[DATA SUPPLIED Boundary: Start]

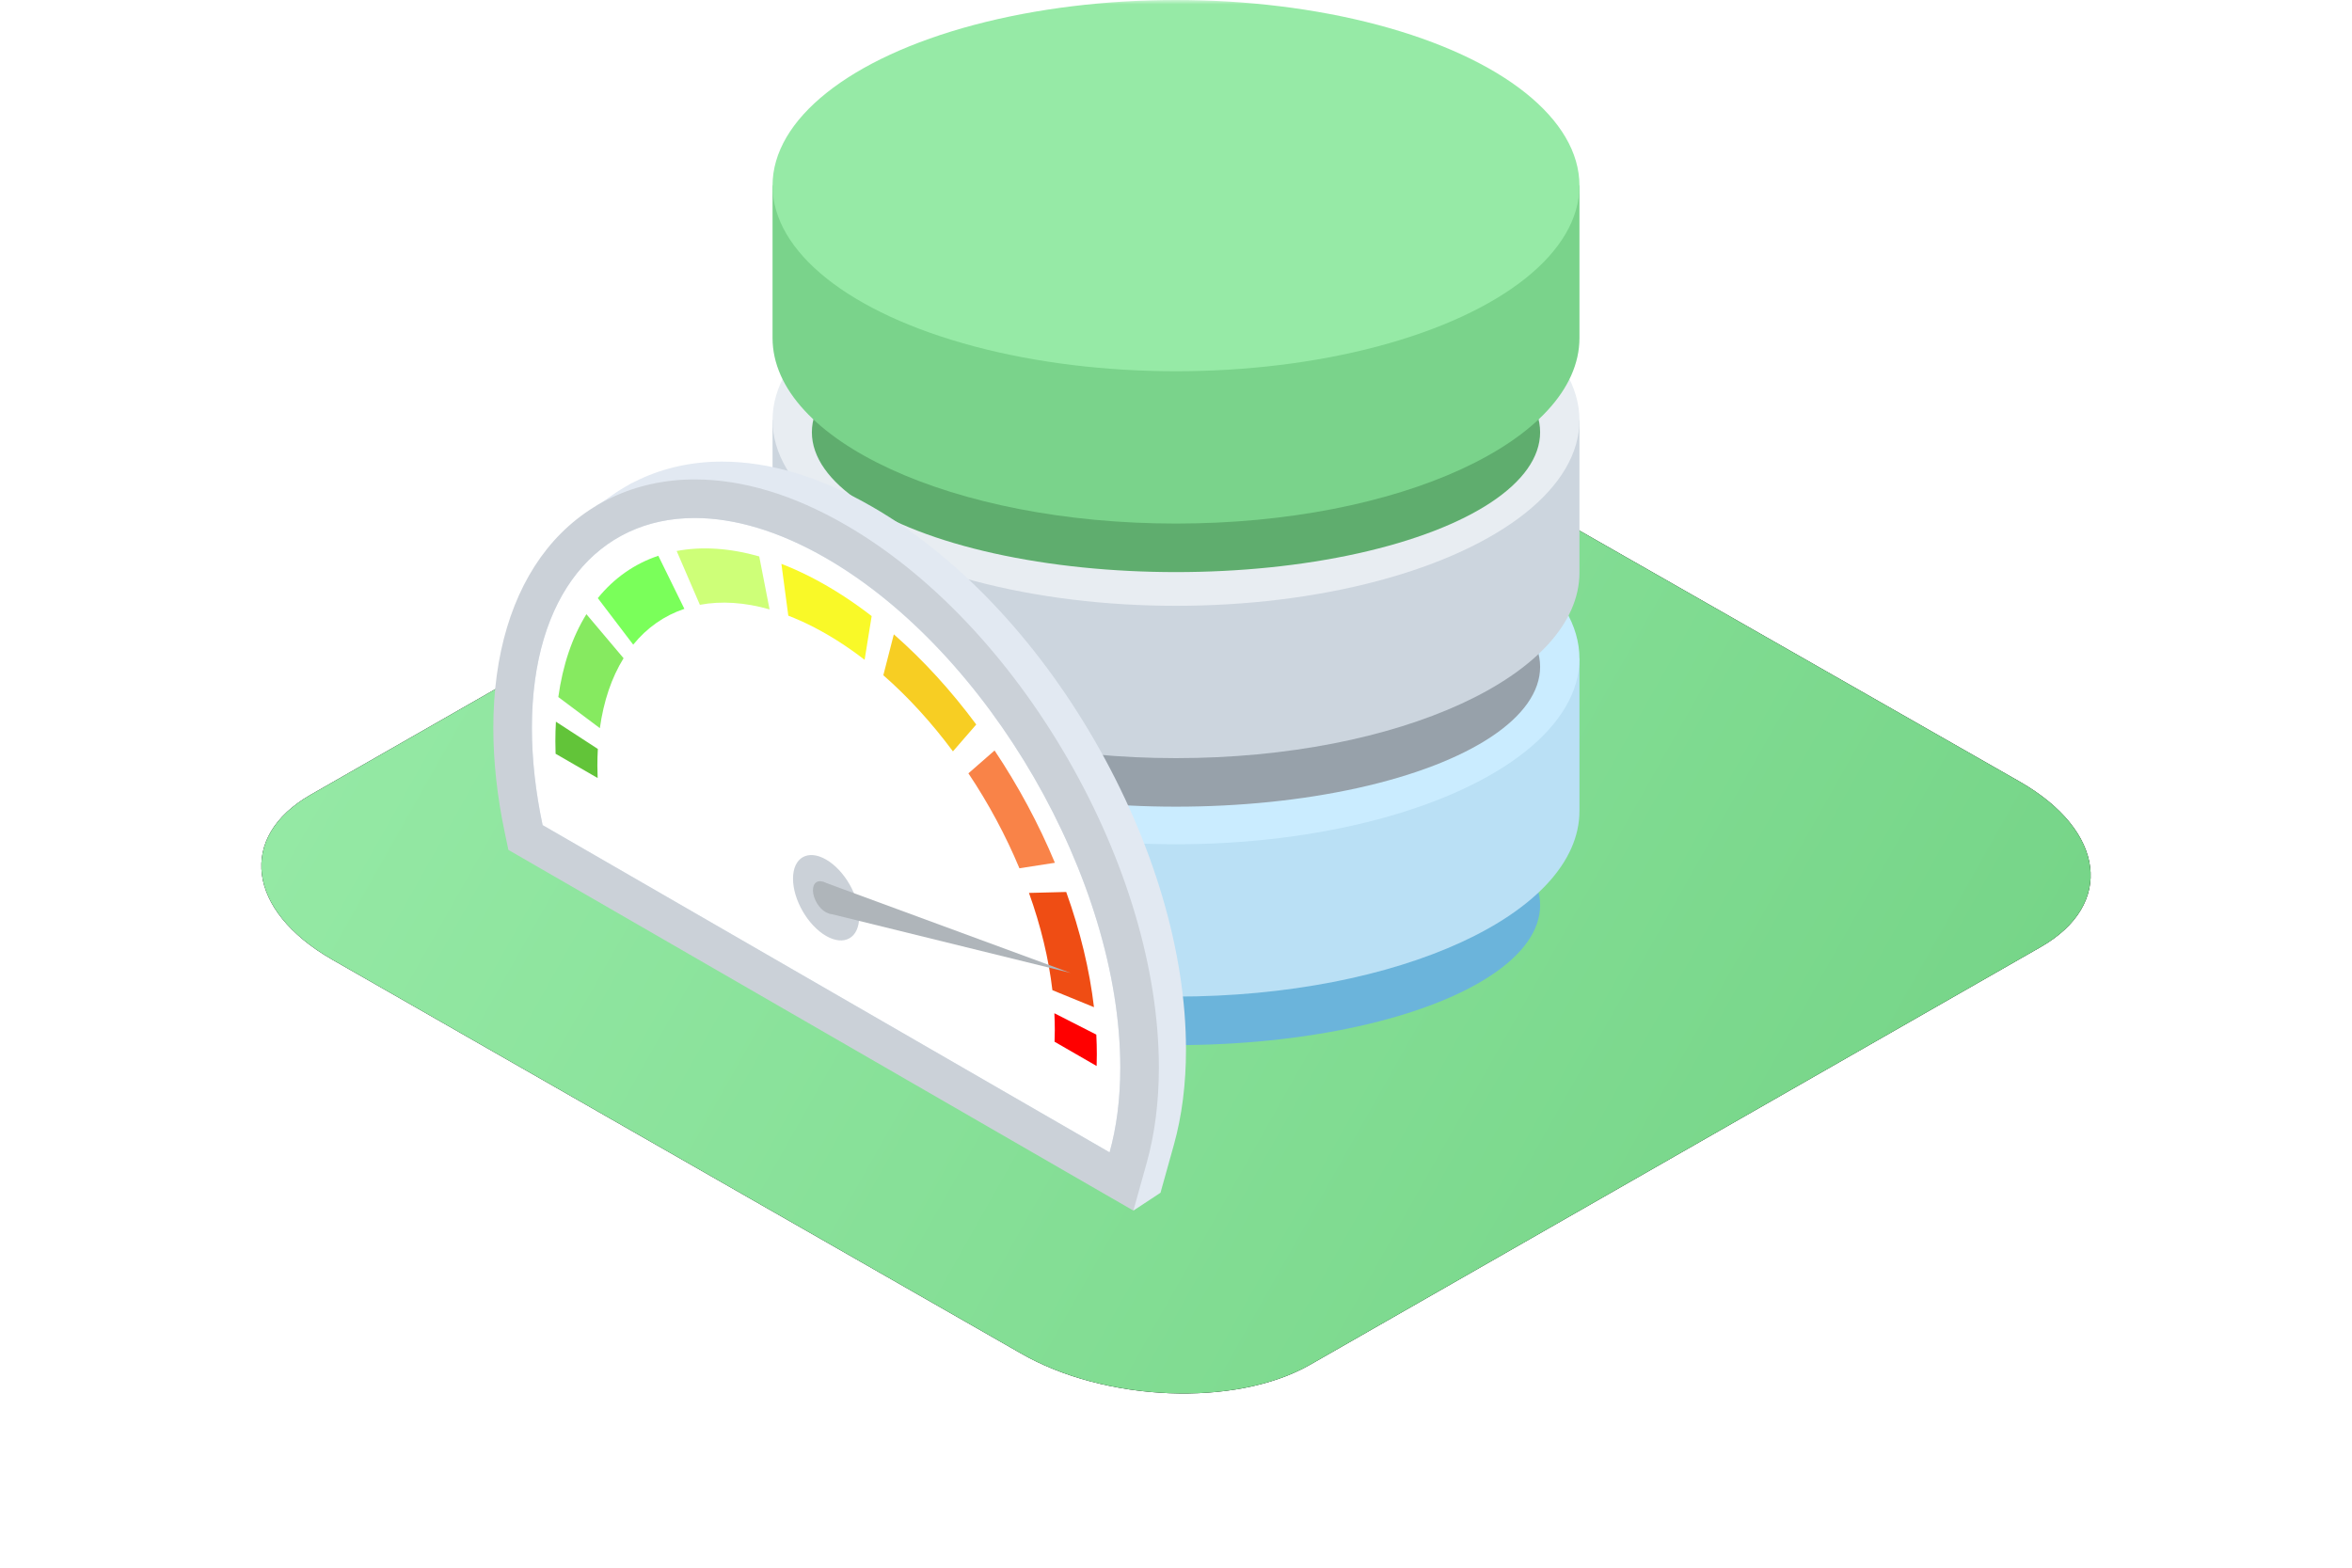 <?xml version="1.0" encoding="UTF-8"?>
<svg width="270px" height="180px" viewBox="0 0 270 180" version="1.1" xmlns="http://www.w3.org/2000/svg" xmlns:xlink="http://www.w3.org/1999/xlink">
    <title>icon-platform-data-bases</title>
    <defs>
        <rect id="path-1" x="0" y="-1.13686838e-13" width="270" height="180"></rect>
        <linearGradient x1="0%" y1="33.673%" x2="100%" y2="66.327%" id="linearGradient-3">
            <stop stop-color="#96EAA6" offset="0%"></stop>
            <stop stop-color="#75D487" offset="100%"></stop>
        </linearGradient>
        <path d="M38.12,110.172 L117.155,155.372 C126.836,160.97 141.843,161.577 150.363,156.715 L234.271,108.733 C242.759,103.871 241.694,95.394 231.883,89.764 L152.751,44.628 C142.908,39.03 128.063,38.423 119.543,43.285 L35.635,91.267 C27.276,96.065 28.309,104.542 38.12,110.172 Z" id="path-4"></path>
        <filter x="-17.1%" y="-30.0%" width="134.3%" height="160.0%" filterUnits="objectBoundingBox" id="filter-5">
            <feOffset dx="0" dy="0" in="SourceAlpha" result="shadowOffsetOuter1"></feOffset>
            <feGaussianBlur stdDeviation="12" in="shadowOffsetOuter1" result="shadowBlurOuter1"></feGaussianBlur>
            <feColorMatrix values="0 0 0 0 0.216   0 0 0 0 0.561   0 0 0 0 0.749  0 0 0 0.15 0" type="matrix" in="shadowBlurOuter1"></feColorMatrix>
        </filter>
    </defs>
    <g id="Solutions" stroke="none" stroke-width="1" fill="none" fill-rule="evenodd">
        <g id="Solution-–-Cloud-Backup" transform="translate(-435, -3870)">
            <g id="icon-platform-data-bases" transform="translate(435, 3870)">
                <mask id="mask-2" fill="white">
                    <use xlink:href="#path-1"></use>
                </mask>
                <g id="Rectangle"></g>
                <g id="Path-Copy-73" mask="url(#mask-2)">
                    <use fill="black" fill-opacity="1" filter="url(#filter-5)" xlink:href="#path-4"></use>
                    <use fill="url(#linearGradient-3)" fill-rule="evenodd" xlink:href="#path-4"></use>
                </g>
                <g id="Group-8" mask="url(#mask-2)">
                    <g transform="translate(88.685, -0)">
                        <g id="Group-3" transform="translate(0, 54.312)">
                            <ellipse id="Oval-Copy-2" fill="#6BB4DB" cx="46.315" cy="49.63" rx="41.8" ry="16.058"></ellipse>
                            <path d="M46.315,60.115 C71.894,60.115 92.63,50.573 92.63,38.801 C92.63,36.154 92.63,30.324 92.63,21.313 C74.192,18.763 58.754,17.488 46.315,17.488 C33.783,17.488 18.344,18.763 1.67906714e-12,21.313 C1.67906714e-12,30.42 1.67906714e-12,36.25 1.67906714e-12,38.801 C1.67906714e-12,50.573 20.736,60.115 46.315,60.115 Z" id="Oval-Copy" fill="#BAE0F5"></path>
                            <ellipse id="Oval" fill="#CAECFF" cx="46.315" cy="21.313" rx="46.315" ry="21.313"></ellipse>
                        </g>
                        <g id="Group-3-Copy" transform="translate(0, 26.933)">
                            <ellipse id="Oval-Copy-2" fill="#97A1AA" cx="46.315" cy="49.63" rx="41.8" ry="16.058"></ellipse>
                            <path d="M46.315,60.115 C71.894,60.115 92.63,50.573 92.63,38.801 C92.63,36.154 92.63,30.324 92.63,21.313 C74.192,18.763 58.754,17.488 46.315,17.488 C33.783,17.488 18.344,18.763 1.67906714e-12,21.313 C1.67906714e-12,30.42 1.67906714e-12,36.25 1.67906714e-12,38.801 C1.67906714e-12,50.573 20.736,60.115 46.315,60.115 Z" id="Oval-Copy" fill="#CCD5DE"></path>
                            <ellipse id="Oval" fill="#E8EDF2" cx="46.315" cy="21.313" rx="46.315" ry="21.313"></ellipse>
                        </g>
                        <g id="Group-3-Copy">
                            <ellipse id="Oval-Copy-2" fill="#5FAD6E" cx="46.315" cy="49.63" rx="41.8" ry="16.058"></ellipse>
                            <path d="M46.315,60.115 C71.894,60.115 92.63,50.573 92.63,38.801 C92.63,36.154 92.63,30.324 92.63,21.313 C74.192,18.763 58.754,17.488 46.315,17.488 C33.783,17.488 18.344,18.763 1.67906714e-12,21.313 C1.67906714e-12,30.42 1.67906714e-12,36.25 1.67906714e-12,38.801 C1.67906714e-12,50.573 20.736,60.115 46.315,60.115 Z" id="Oval-Copy" fill="#7AD38B"></path>
                            <ellipse id="Oval" fill="#96EAA6" cx="46.315" cy="21.313" rx="46.315" ry="21.313"></ellipse>
                        </g>
                    </g>
                </g>
                <g id="Group-35" mask="url(#mask-2)">
                    <g transform="translate(56.631, 53)">
                        <path d="M69.031,32.03 C62.27,20.321 53.213,10.795 43.529,5.205 C37.546,1.751 31.726,0 26.231,0 C19.407,0 13.383,2.837 9.269,7.99 C5.242,13.034 3.113,20.139 3.113,28.534 C3.113,32.382 3.559,36.443 4.437,40.604 L4.845,42.537 L6.557,43.525 L71.644,81.097 L76.589,83.951 L78.124,78.452 C79.048,75.144 79.516,71.467 79.516,67.524 C79.516,56.344 75.793,43.739 69.031,32.03" id="Fill-1" fill="#E2E9F2"></path>
                        <polygon id="Fill-3" fill="#E2E9F2" points="73.476 86 76.589 83.951 72.74 76.281"></polygon>
                        <polygon id="Fill-5" fill="#E2E9F2" points="15.943 2.456 11.74 5.118 15.296 5.361"></polygon>
                        <path d="M71.974,69.572 C71.974,48.039 56.853,21.855 38.202,11.088 C19.55,0.322 4.43,9.049 4.43,30.582 C4.43,34.202 4.858,37.952 5.658,41.738 L70.745,79.31 C71.544,76.446 71.974,73.192 71.974,69.572" id="Fill-7" fill="#FFFFFF"></path>
                        <path d="M23.118,2.048 C16.294,2.048 10.27,4.886 6.156,10.038 C2.129,15.083 0,22.187 0,30.582 C0,34.43 0.446,38.491 1.324,42.653 L1.732,44.585 L3.443,45.573 L68.53,83.145 L73.476,86 L75.011,80.5 C75.935,77.192 76.403,73.516 76.403,69.573 C76.403,58.393 72.679,45.788 65.918,34.079 C59.157,22.37 50.1,12.843 40.416,7.253 C34.433,3.799 28.613,2.048 23.118,2.048 M23.118,6.477 C27.657,6.477 32.782,7.96 38.201,11.088 C56.853,21.855 71.973,48.039 71.973,69.573 C71.973,73.192 71.544,76.446 70.745,79.31 L5.658,41.738 C4.859,37.952 4.429,34.202 4.429,30.582 C4.429,15.307 12.036,6.477 23.118,6.477" id="Fill-9" fill="#CBD1D8"></path>
                        <path d="M41.999,52.27 C41.999,54.691 40.299,55.673 38.201,54.462 C36.104,53.251 34.404,50.307 34.404,47.885 C34.404,45.464 36.104,44.483 38.201,45.693 C40.299,46.904 41.999,49.848 41.999,52.27" id="Fill-11" fill="#CBD1D8"></path>
                        <path d="M21.933,16.907 L18.941,10.813 C16.207,11.731 13.87,13.366 11.994,15.676 L16.059,21.018 C17.645,19.066 19.621,17.683 21.933,16.907" id="Fill-13" fill="#7AFF5A"></path>
                        <path d="M31.712,16.969 L30.526,10.888 C27.146,9.927 23.957,9.717 21.047,10.265 L23.712,16.444 C26.168,15.982 28.86,16.158 31.712,16.969" id="Fill-15" fill="#CEFF78"></path>
                        <path d="M36.636,18.931 C38.646,19.953 40.664,21.243 42.623,22.759 L43.432,17.736 C41.112,15.942 38.722,14.414 36.348,13.207 C35.253,12.65 34.15,12.157 33.072,11.742 L33.863,17.691 C34.774,18.042 35.708,18.459 36.636,18.931" id="Fill-17" fill="#F9F928"></path>
                        <path d="M60.394,46.694 L64.466,46.063 C62.603,41.592 60.272,37.255 57.541,33.17 L54.538,35.794 C56.848,39.248 58.818,42.915 60.394,46.694" id="Fill-19" fill="#F98348"></path>
                        <path d="M64.18,60.69 L68.953,62.644 C68.45,58.362 67.378,53.911 65.766,49.416 L61.491,49.524 C62.851,53.318 63.756,57.074 64.18,60.69" id="Fill-21" fill="#EF4D14"></path>
                        <path d="M55.439,30.186 C52.532,26.268 49.348,22.785 45.977,19.834 L44.772,24.53 C47.618,27.02 50.305,29.962 52.762,33.272 L55.439,30.186 Z" id="Fill-23" fill="#F7CE23"></path>
                        <path d="M14.953,22.576 L10.686,17.518 C9.059,20.147 7.973,23.349 7.461,27.033 L12.231,30.606 C12.664,27.497 13.579,24.795 14.953,22.576" id="Fill-25" fill="#86EA60"></path>
                        <path d="M11.999,32.995 L7.186,29.863 C7.144,30.599 7.123,31.358 7.123,32.12 C7.123,32.588 7.133,33.065 7.149,33.545 L11.977,36.332 C11.958,35.85 11.945,35.371 11.945,34.905 C11.945,34.26 11.964,33.617 11.999,32.995" id="Fill-27" fill="#62C439"></path>
                        <path d="M69.28,68.063 C69.28,67.344 69.261,66.603 69.223,65.845 L69.22,65.791 L64.406,63.34 L64.41,63.412 C64.441,64.042 64.457,64.67 64.457,65.278 C64.457,65.729 64.445,66.171 64.428,66.61 L69.257,69.397 C69.271,68.957 69.28,68.512 69.28,68.063" id="Fill-29" fill="#FF0000"></path>
                        <polygon id="Fill-31" fill="#AFB5BA" points="66.27 58.712 37.811 48.234 38.468 51.867"></polygon>
                        <path d="M38.468,51.867 C37.689,51.627 36.912,50.62 36.73,49.617 C36.548,48.613 37.032,47.994 37.81,48.234 C38.589,48.473 39.367,49.481 39.548,50.485 C39.73,51.487 39.246,52.107 38.468,51.867" id="Fill-33" fill="#AFB5BA"></path>
                    </g>
                </g>
            </g>
        </g>
    </g>
</svg>

[DATA SUPPLIED Boundary: End]

**WORK ITEM:** Without the pictures, repeat the entries above line by line, from the first through the one that contains "</linearGradient>", both ends included.

**RESULT FOR THIS TASK:**
 <?xml version="1.0" encoding="UTF-8"?>
<svg width="270px" height="180px" viewBox="0 0 270 180" version="1.1" xmlns="http://www.w3.org/2000/svg" xmlns:xlink="http://www.w3.org/1999/xlink">
    <title>icon-platform-data-bases</title>
    <defs>
        <rect id="path-1" x="0" y="-1.13686838e-13" width="270" height="180"></rect>
        <linearGradient x1="0%" y1="33.673%" x2="100%" y2="66.327%" id="linearGradient-3">
            <stop stop-color="#96EAA6" offset="0%"></stop>
            <stop stop-color="#75D487" offset="100%"></stop>
        </linearGradient>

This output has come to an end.